● EXERCISE PROMPT: Where the word "outdoors" appears in a line below, copy the whole line.

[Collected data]
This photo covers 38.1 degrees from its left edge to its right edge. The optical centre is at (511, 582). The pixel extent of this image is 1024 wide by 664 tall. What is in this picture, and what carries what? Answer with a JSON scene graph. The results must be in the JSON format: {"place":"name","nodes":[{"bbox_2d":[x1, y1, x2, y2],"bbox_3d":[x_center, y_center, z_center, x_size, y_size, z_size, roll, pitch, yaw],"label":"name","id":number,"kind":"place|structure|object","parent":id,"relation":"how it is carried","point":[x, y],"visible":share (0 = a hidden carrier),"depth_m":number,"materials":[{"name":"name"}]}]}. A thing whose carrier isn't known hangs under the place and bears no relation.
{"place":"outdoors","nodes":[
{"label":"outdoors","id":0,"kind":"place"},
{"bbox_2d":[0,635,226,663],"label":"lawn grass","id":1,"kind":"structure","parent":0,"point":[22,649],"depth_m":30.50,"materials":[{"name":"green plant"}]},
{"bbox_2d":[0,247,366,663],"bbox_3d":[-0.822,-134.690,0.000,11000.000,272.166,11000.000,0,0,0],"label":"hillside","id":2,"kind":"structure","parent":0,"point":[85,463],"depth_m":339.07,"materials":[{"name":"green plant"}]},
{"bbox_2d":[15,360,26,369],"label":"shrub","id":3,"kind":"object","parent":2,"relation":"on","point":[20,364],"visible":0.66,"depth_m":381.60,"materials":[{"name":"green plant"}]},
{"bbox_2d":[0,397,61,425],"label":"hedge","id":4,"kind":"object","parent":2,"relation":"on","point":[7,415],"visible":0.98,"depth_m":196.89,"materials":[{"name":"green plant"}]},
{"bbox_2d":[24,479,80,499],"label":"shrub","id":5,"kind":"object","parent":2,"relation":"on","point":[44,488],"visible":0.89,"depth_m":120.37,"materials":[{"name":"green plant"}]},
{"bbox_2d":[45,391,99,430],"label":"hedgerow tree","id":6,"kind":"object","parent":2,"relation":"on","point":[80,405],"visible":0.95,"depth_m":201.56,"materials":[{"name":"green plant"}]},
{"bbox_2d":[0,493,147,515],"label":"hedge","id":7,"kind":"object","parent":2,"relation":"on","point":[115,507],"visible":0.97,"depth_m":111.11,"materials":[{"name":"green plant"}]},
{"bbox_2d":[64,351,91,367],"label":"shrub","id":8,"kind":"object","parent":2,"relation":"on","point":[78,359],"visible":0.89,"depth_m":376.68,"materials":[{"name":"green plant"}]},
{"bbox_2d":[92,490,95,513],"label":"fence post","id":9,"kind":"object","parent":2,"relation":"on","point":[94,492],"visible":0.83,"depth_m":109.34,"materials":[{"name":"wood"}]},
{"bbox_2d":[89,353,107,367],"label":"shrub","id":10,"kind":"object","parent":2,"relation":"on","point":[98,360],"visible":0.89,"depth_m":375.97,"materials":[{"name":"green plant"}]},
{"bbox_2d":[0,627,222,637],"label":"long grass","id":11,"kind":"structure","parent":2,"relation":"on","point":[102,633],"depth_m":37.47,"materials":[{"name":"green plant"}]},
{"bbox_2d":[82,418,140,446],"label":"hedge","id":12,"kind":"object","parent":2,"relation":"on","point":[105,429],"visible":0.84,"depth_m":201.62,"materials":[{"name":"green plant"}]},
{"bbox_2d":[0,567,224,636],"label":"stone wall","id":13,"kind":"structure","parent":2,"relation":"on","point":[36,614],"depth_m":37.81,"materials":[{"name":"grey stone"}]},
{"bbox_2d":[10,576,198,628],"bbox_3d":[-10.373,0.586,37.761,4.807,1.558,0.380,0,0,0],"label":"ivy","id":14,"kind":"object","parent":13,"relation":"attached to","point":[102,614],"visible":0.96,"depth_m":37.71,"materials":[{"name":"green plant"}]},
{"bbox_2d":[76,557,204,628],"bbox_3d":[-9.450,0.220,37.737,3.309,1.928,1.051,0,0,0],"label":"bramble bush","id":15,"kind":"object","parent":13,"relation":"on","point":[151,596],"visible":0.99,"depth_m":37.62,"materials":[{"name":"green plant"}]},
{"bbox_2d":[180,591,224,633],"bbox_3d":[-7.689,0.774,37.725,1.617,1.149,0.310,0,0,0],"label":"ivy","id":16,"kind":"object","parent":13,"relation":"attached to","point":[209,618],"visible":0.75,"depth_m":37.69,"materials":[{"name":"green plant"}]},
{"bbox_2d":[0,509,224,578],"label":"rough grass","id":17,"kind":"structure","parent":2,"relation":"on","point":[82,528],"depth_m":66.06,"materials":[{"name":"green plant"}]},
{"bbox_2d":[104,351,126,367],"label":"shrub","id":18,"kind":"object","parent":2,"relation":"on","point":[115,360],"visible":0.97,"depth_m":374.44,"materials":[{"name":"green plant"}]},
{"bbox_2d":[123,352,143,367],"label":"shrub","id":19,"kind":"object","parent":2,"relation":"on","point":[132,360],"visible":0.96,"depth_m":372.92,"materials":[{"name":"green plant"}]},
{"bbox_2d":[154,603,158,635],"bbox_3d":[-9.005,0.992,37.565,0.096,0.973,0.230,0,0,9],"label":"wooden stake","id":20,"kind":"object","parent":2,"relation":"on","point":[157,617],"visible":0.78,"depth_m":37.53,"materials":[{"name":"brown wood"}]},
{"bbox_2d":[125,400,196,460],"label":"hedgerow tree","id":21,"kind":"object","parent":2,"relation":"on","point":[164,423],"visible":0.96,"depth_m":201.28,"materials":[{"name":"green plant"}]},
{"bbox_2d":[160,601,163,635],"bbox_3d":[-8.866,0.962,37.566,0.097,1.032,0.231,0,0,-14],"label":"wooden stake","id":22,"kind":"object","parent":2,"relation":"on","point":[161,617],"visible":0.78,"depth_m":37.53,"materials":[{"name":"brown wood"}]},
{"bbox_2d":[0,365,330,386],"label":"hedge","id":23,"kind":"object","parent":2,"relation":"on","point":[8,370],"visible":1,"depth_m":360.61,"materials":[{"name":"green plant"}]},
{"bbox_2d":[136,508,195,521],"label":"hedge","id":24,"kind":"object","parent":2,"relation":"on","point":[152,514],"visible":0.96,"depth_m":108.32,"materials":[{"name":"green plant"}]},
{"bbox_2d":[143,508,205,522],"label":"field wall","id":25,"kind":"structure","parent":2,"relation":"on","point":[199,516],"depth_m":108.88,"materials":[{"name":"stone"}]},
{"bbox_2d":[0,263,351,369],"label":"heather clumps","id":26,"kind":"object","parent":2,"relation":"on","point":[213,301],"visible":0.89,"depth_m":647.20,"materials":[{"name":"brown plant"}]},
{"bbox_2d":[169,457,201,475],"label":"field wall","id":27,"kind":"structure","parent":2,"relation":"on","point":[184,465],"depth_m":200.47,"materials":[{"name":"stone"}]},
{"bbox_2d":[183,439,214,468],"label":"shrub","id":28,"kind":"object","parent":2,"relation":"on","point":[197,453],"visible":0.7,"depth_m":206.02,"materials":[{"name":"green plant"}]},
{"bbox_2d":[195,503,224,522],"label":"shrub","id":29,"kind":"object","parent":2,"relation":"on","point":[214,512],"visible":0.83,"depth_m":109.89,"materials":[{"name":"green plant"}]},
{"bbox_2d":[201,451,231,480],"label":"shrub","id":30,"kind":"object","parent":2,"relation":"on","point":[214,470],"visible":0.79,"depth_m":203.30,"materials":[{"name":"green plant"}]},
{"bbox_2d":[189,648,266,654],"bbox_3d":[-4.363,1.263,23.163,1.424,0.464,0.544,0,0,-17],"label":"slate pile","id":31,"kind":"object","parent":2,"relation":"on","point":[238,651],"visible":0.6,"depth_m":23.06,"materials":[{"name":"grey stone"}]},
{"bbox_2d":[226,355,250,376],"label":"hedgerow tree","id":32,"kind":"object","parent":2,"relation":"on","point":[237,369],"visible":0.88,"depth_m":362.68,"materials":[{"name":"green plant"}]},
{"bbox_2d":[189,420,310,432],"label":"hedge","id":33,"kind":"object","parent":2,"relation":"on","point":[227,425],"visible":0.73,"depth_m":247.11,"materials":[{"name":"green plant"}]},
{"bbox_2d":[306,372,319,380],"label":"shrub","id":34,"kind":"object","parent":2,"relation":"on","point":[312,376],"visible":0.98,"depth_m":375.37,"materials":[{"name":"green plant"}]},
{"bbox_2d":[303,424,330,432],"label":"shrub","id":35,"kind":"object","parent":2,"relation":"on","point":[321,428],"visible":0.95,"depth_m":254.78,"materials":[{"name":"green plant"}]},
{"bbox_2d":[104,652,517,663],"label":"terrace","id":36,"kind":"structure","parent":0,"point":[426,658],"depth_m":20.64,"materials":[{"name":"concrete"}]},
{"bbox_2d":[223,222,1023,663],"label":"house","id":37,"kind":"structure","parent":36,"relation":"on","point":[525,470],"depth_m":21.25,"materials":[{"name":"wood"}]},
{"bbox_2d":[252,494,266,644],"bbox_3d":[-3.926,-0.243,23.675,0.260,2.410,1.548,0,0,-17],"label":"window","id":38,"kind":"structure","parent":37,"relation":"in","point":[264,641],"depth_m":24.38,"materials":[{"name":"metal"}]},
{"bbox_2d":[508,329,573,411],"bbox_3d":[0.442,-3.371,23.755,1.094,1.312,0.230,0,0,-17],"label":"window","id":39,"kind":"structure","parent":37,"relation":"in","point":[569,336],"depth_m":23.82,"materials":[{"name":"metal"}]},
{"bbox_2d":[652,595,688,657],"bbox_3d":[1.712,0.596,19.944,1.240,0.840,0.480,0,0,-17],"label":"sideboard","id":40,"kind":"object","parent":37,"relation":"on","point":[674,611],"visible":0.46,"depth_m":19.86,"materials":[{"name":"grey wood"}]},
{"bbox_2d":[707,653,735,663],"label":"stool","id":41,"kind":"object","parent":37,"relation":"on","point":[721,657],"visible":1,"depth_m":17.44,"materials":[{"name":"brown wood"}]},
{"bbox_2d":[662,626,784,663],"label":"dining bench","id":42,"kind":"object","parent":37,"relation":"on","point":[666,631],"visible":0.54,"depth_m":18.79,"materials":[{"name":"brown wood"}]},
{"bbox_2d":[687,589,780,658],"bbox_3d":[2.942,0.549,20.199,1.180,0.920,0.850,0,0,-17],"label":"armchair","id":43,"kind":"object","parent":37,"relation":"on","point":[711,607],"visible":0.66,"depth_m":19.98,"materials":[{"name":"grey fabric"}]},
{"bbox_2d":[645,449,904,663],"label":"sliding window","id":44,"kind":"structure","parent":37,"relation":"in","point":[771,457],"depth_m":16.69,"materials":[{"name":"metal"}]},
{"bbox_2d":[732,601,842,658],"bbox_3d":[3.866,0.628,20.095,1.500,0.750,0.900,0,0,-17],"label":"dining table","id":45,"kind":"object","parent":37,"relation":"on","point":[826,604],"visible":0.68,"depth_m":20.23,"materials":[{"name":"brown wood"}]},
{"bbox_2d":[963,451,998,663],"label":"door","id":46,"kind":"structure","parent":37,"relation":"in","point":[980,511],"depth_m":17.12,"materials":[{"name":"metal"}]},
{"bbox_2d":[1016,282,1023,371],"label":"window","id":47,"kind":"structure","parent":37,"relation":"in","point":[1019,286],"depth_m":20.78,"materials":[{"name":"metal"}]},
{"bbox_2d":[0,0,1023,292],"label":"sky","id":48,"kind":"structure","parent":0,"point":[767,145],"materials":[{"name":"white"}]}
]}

● REPLY:
{"place":"outdoors","nodes":[
{"label":"outdoors","id":0,"kind":"place"},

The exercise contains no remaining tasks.